# SS report 2-4-12 Cat fish drifting



## shadslinger (Aug 21, 2005)

It was a great day to go drift fishing for cat fish, it got cold, the wind was blowing, and the water rising.

Repeat customers, Ray, Kyle, and Reid were up to it, and after some back and forth phone calls, trying to find gear, waiting for the rain to stop, and the wind to calm down some, we got some lines in the water.

It took a couple of moves and some waiting, but after a rod at the bow had been showing some rattles, Kyle hooked with the fish of the day.

It turned to be a 30 pound and some change bad boy blue cat, maybe a male. 
It did put a fight especially at the boat side.
After some pictures, and getting weighed, we let it swim off and it looked strong. 

That is a thrill in in itself, to see a big blue cat fish swim off with a powerful thrust of it's tail, it does not compare with feeling of it shakeing it's head right after you hook up with them!

We ended up with about 6 box fish, 3 of which were between 18 and 12 pounds, and 3 of which were about 4 to 5 pounds.
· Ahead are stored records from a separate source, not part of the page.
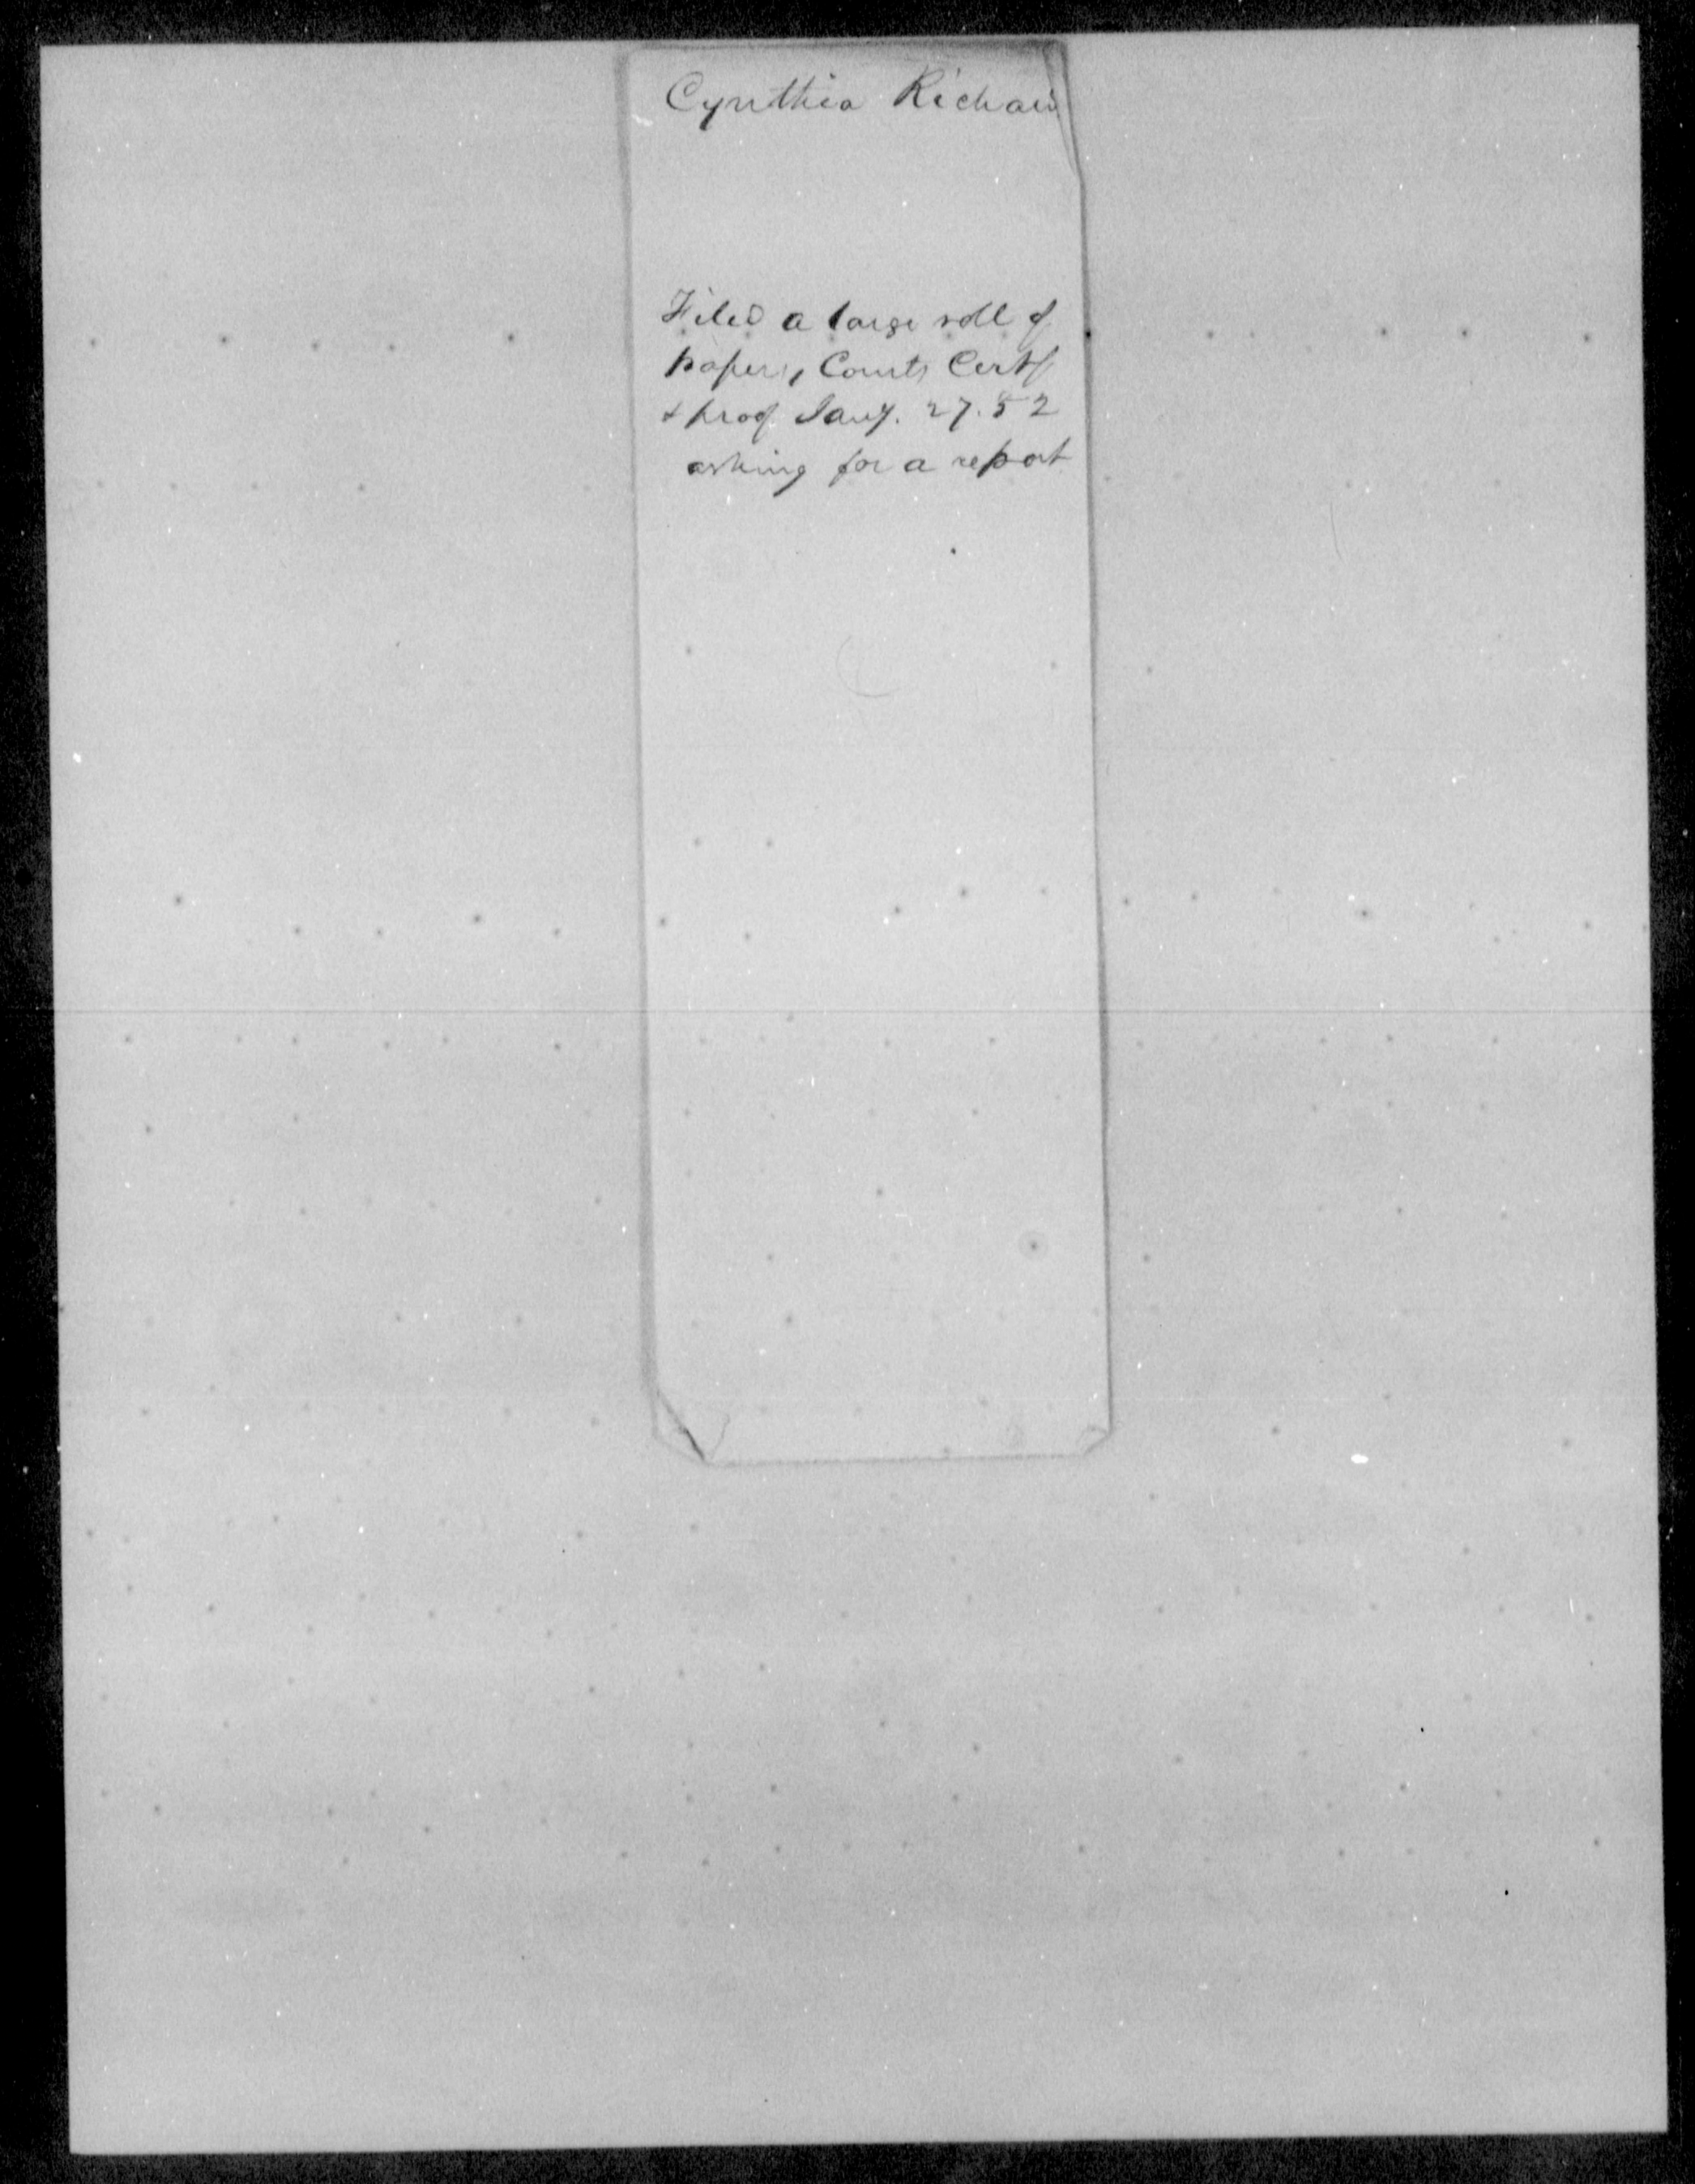-
Cynthia Richards
Filed a large roll of paper, Courts Certy [CERTIFIED] & proof Jany [JANUARY] 27. [18]52
asking for a report

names: Cynthia Richards
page: 82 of 109
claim: widow's
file: W. 5709, for Thomas Richards, New Hampshire

And the one we released.
The weather changed the whole day today, from sunshine to pouring rain and every thing in between.
It was a good day to cat fishing!

See you on the water.

SS


----------



## FISHROADIE (Apr 2, 2010)

Good catch SS those are some solid blues, the water still looks clear.


----------



## RAYSOR (Apr 26, 2007)

What a great we had Loy, thanks for not giving up on the trip, I think we all had issues today, the boys are all smiles as usual, always enjoy. I always say the trip was great and catching is a bonus, which you always seem to do.


----------



## lx22f/c (Jun 19, 2009)

Nice job. Looks like a good day.


----------



## dbullard (Feb 13, 2008)

wtg nice catch


----------



## Danny O (Apr 14, 2010)

Nice cats guys! When that front decided to come in, it did!!


----------



## D.L. (Sep 13, 2007)

Cant believe you were fishing today Rocky and Kickapoo were up 2 feet and flowing hard! Be careful with all the new floaters.


----------



## coup de grace (Aug 7, 2010)

yes sir!


----------



## lowensome1866 (Sep 13, 2010)

Looking forward to being in your boat again!!! This next time we will slay them.


----------



## SwineAssassiN (Jul 24, 2011)

great report, and nice fish!


----------



## Whitebassfisher (May 4, 2007)

I see you use a float to keep the bait off the bottom, like Jackie Kennedy suggest I believe. I don't mean that wrong like you copy him, but if I understand right he is a very good R & R catfish man.


----------



## ComeFrom? (May 21, 2004)

I hope you didn't forget to stop and pick up the french fries on the way home. WTG! :bounce:


----------



## Sunbeam (Feb 24, 2009)

Get catch for a rainy day. But you had some accomplished fishermen in the boat for sure.
Did you shuffle on them?

BTW want to sell your little Jap car? LOL


----------



## shadslinger (Aug 21, 2005)

Whitebassfisher said:


> I see you use a float to keep the bait off the bottom, like Jackie Kennedy suggest I believe. I don't mean that wrong like you copy him, but if I understand right he is a very good R & R catfish man.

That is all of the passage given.